We therefore proceeded to estimate the rate of gene conversion on each centromere using two independent methods (Table 1). The first is based on the premise that gene conversion will increase the number of multilocus haplotypes in a sample. Coalescent simulations (see Materials and Methods; Figure 6) were used to estimate the gene conversion rate required to achieve the observed number of haplotypes. The resulting data suggest a mean estimate of 3.7×10−5 conversion events per marker per generation and allow us to statistically reject a model with no gene conversion for all nine centromeres at p<0.05. Second, we used a composite likelihood method [39] to directly estimate gene conversion rates for each centromere. This second approach reveals similar rates of conversion across all nine centromeres, averaging ∼1×10−5 conversion events per marker per generation.
Discussion
Our data indicate that gene conversion is common within centromeres and may play a fundamental role in determining the dynamics and distribution of centromere repeats. This conclusion is based on three primary lines of evidence. First, our mapping data provide what is to our knowledge the only experimental evidence for centromeric gene conversion. Indeed, two independent conversion events were identified in 93 recombinant inbred lines using a set of 238 CRM2 markers, corresponding to a rate of 1.86×10−4 exchanges per marker per generation. The second line of evidence comes from LD analysis of 75 markers typed in a set of 53 diverse inbred lines.
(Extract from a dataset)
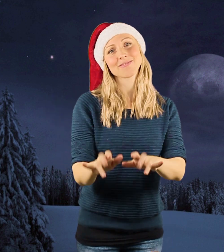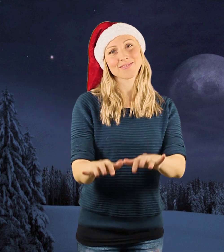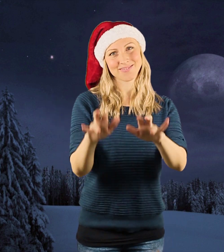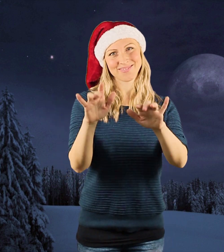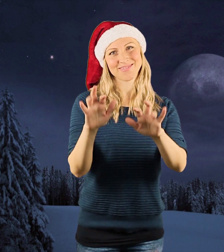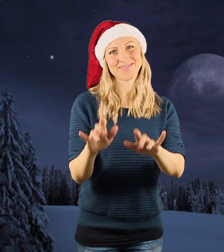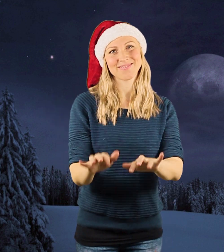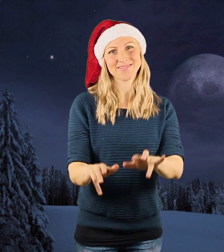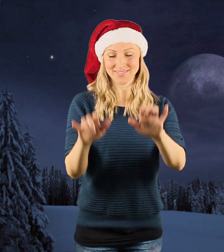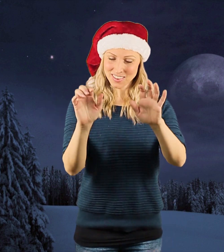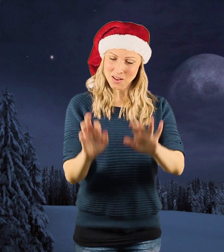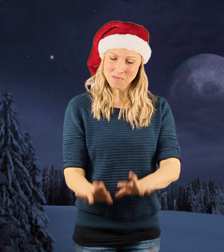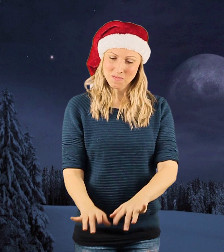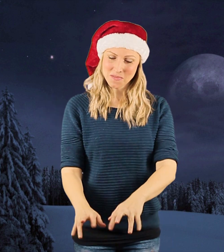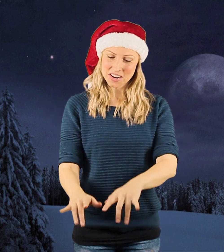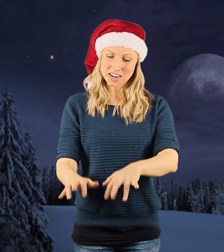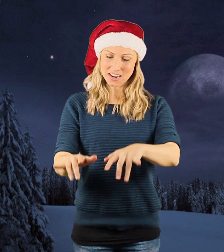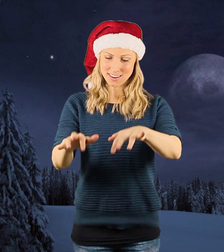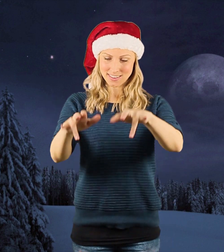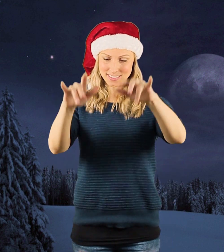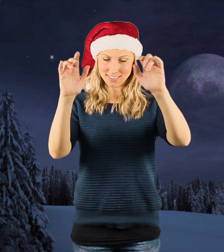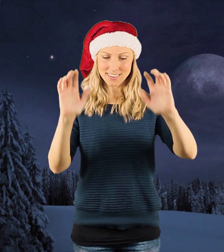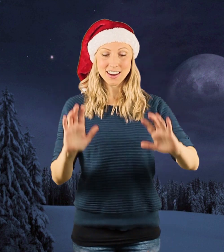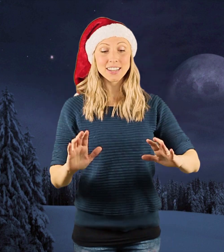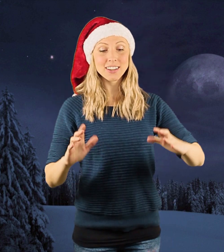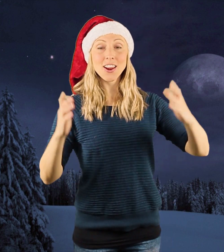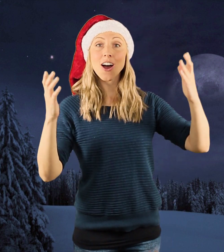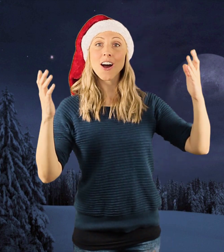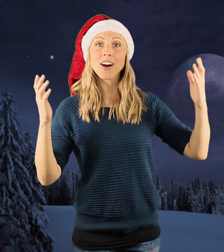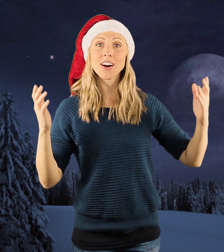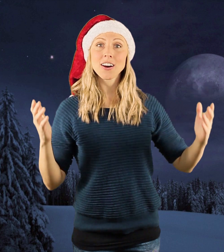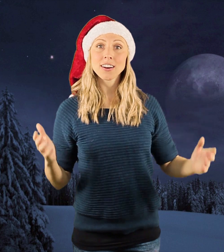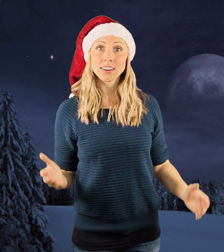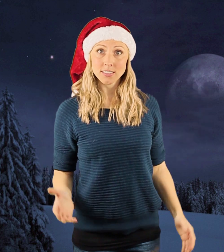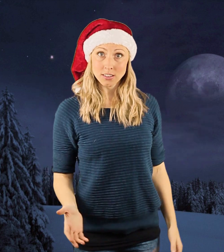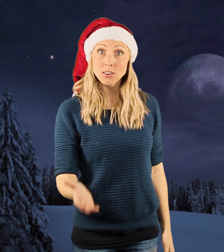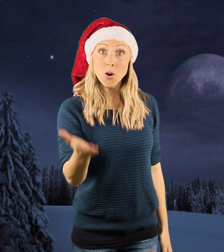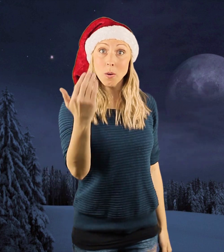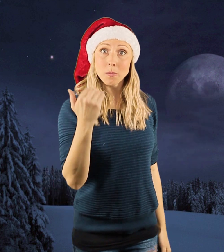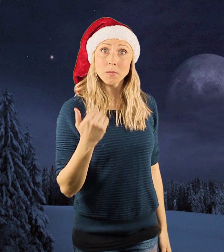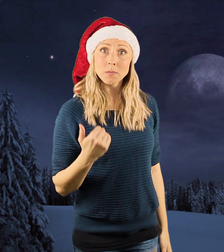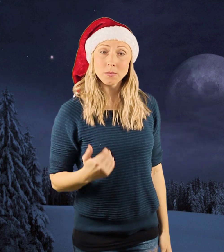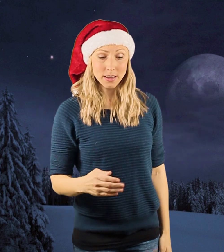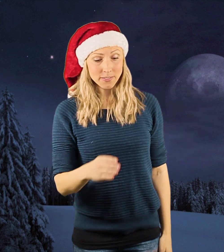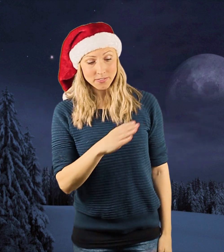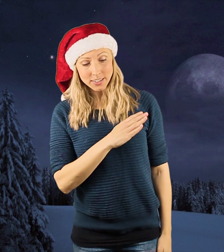blås Brinner en låga klart Kom hit där

These data show patterns consistent with genetic exchange, including unusually low LD and the clear presence of recombinant haplotypes (nonzero Rmin), but show no decay of LD with distance as would be expected in the presence of crossing over. Finally, two independent population genetic methods were used to directly estimate centromeric gene conversion, resulting in remarkably similar rates of ∼1×10−5 conversions per marker per generation. It is too early to tell how rates of gene conversion in centromeres compare to other regions of the maize genome, but one estimate of gene conversion at the maize anthocyaninless1 locus (∼3×10−5/marker/generation [40]) suggests they may be of a similar order of magnitude.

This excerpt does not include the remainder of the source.